Secondly, there is the difficulty in determining which terms will be ‘useful’ for indexing. This is central to developing a subject index but involves tricky judgements that can be endlessly debated.
One crucial consideration is the level of specificity, or granularity. For example, when selecting body parts, is it sufficient to list “Eyes”, or do we need to list the component elements: “Eyelids”, “Eyeballs”, “Eyelashes”, etc. The answer obviously depends on the documents in question, along with the research subject and method. As there is no clear rule to follow, these can occasionally become knotty issues.
A related consideration is the future interests of researchers. We have tried to capture the current interests of historians, but as trends shift in popular research subjects and methodologies, what in the archives will be considered historically noteworthy? UKAT has the benefit that terms can be added in future, so the initial list of subject terms will not be a closed vocabulary. Nonetheless, I found that with every term I was about to discard as “not useful”, I was able to imagine future contexts in which it could be useful.

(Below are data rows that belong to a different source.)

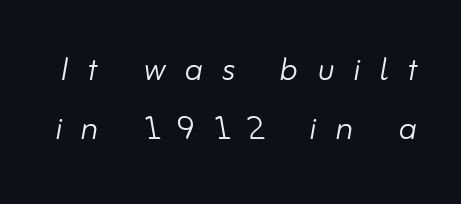
Reading down the column, the eye jumps a familiar distance to each next line. Clear beneath every line of the passage. Italic: yes, the glyphs are oblique. Glyph-to-glyph distance is far greater than everyday printed text. No letter is thick-stroked: the sample isn't bold. This sample has the flowing, uneven cadence of proportional lettering.
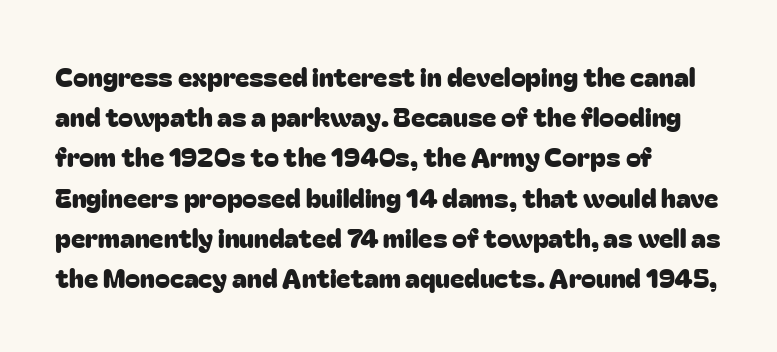
Summary of vertical rhythm: regular, with standard interline spacing. No italicization has been applied; the sample stays upright. One-word summary of the alignment: left. The line texture is even and compact thanks to regular tracking. The space directly below the letters is spotless.
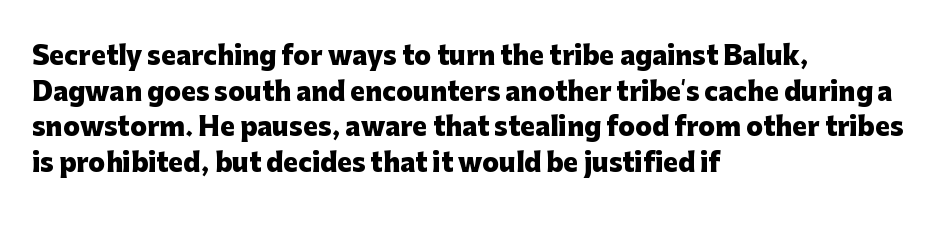
This rendering leaves character spacing at its baseline value. Any mark beneath the type? The region is blank. This is roman type, the default non-slanted kind. Pretty heavy lettering here — definitely bold. Notice how descenders clear the ascenders below comfortably — that's standard leading. All the whitespace from short lines collects on the right.
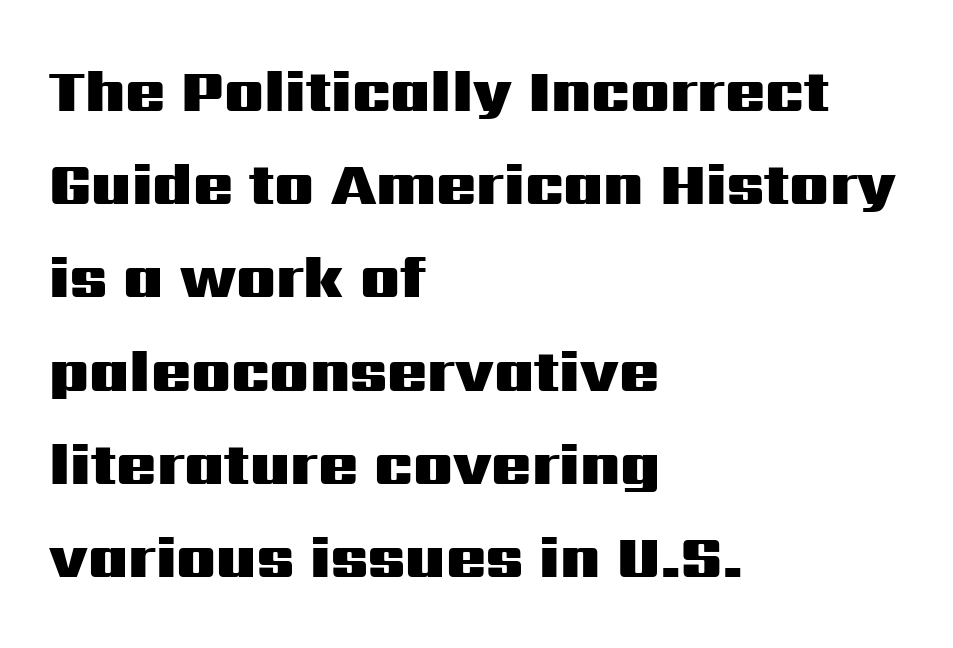
Q: Is the text bold? A: Yes.
Q: Is the text italic (slanted)? A: No, it is upright.
Q: Is the typeface a serif or a sans-serif typeface? A: Sans-serif.
Q: Is the text underlined? A: No.
Q: How is the paragraph aligned? A: Left-aligned.
Q: Is the spacing between letters normal or unusually wide? A: Normal.
Q: Is the spacing between lines tight, normal or loose? A: Normal.
Q: Width (condensed, normal, or wide)? A: Wide.
Q: Stroke contrast? A: Medium.
Q: x-height? A: Medium.
Q: Monospaced? A: No.
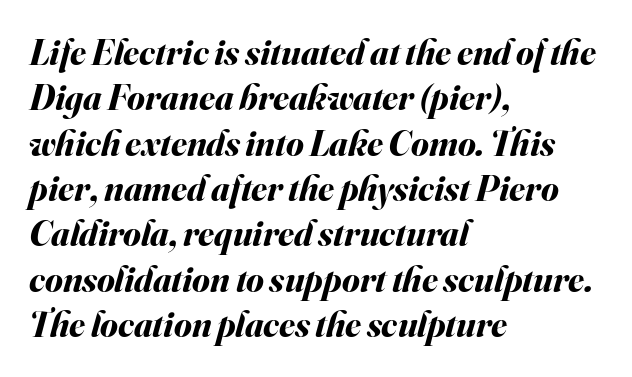
The image shows 36 px bold type, italic (leaning right); set left-aligned, normal line spacing (1.26x), normal letter spacing, not underlined; medium stroke contrast and a small x-height.
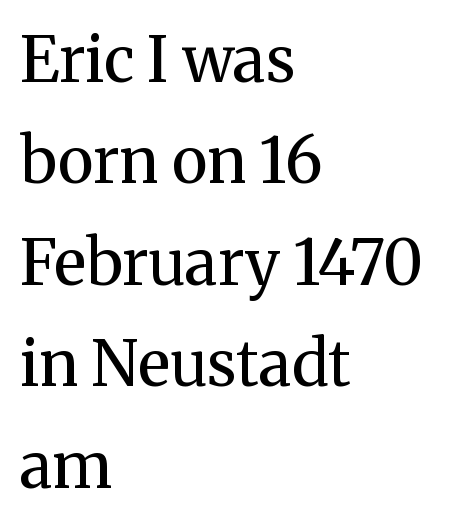
{"serif": "yes", "italic": "no", "bold": "no", "weight": "regular", "width": "normal", "stroke_contrast": "medium", "x_height": "medium", "monospaced": "no", "underline": "no", "align": "left", "line_spacing": "normal", "line_spacing_ratio": 1.61, "letter_spacing": "normal", "letter_spacing_em": 0.0, "glyph_px": 63}
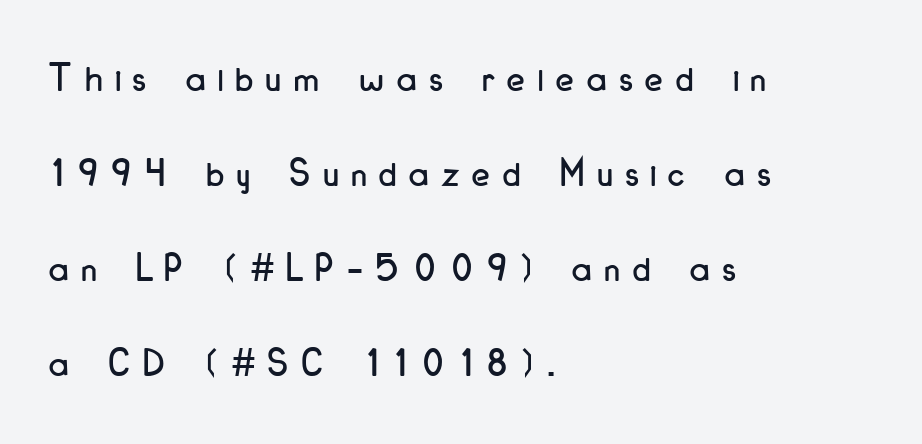
Q: Is the text italic (slanted)? A: No, it is upright.
Q: Is the typeface a serif or a sans-serif typeface? A: Sans-serif.
Q: Is the text underlined? A: No.
Q: How is the paragraph aligned? A: Left-aligned.
Q: Is the spacing between letters normal or unusually wide? A: Unusually wide.
Q: Is the spacing between lines tight, normal or loose? A: Loose.
Q: Width (condensed, normal, or wide)? A: Condensed.
Q: Stroke contrast? A: Low.
Q: x-height? A: Small.
Q: Monospaced? A: No.
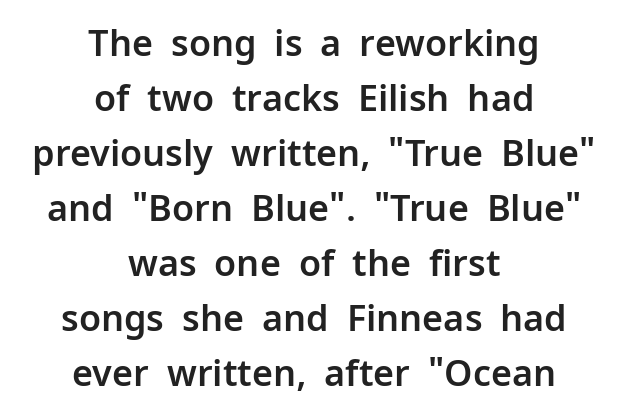
These lines are centered, leaving both edges ragged. Italic: no, the glyphs are upright roman. Between one letter and the next there's only the usual sliver of space. The letters advance in unequal steps, a hallmark of proportional type.
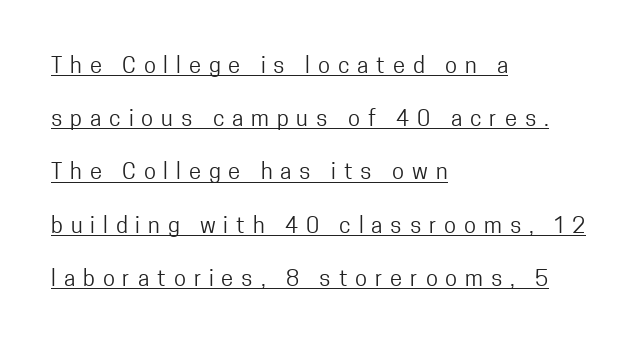
Q: Is the text bold? A: No.
Q: Is the text italic (slanted)? A: No, it is upright.
Q: Is the text underlined? A: Yes.
Q: How is the paragraph aligned? A: Left-aligned.
Q: Is the spacing between letters normal or unusually wide? A: Unusually wide.
Q: Is the spacing between lines tight, normal or loose? A: Loose.
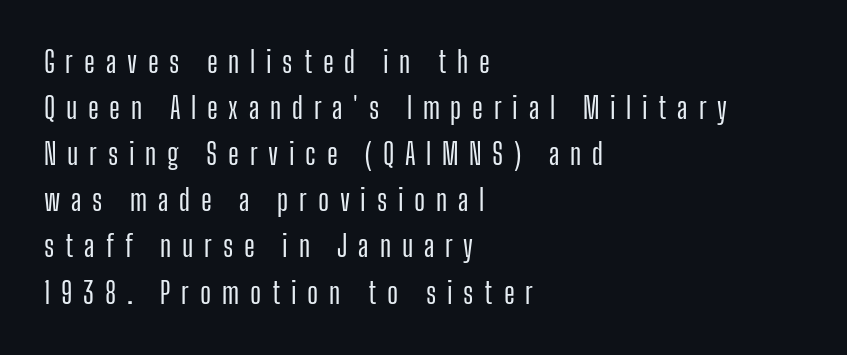
{"serif": "no", "italic": "no", "width": "condensed", "stroke_contrast": "low", "x_height": "medium", "monospaced": "no", "underline": "no", "align": "left", "line_spacing": "normal", "line_spacing_ratio": 1.59, "letter_spacing": "wide", "letter_spacing_em": 0.37, "glyph_px": 29}
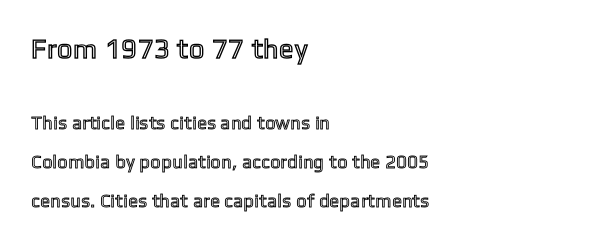
The image shows 27 px text type, upright; set left-aligned, loose line spacing (2.16x), not underlined; the first (top) block is 1.5x larger.

These issues highlight the scholarly significance of building a subject thesaurus – of carving up the archives in one way or another. Indexes shape the research process in ways that are visible and invisible. The choice of terms that we use to identify subjects is a choice of the lens through which to view the material, imposing a loose conceptual map upon the documents. The choice may have many small consequences we cannot predict.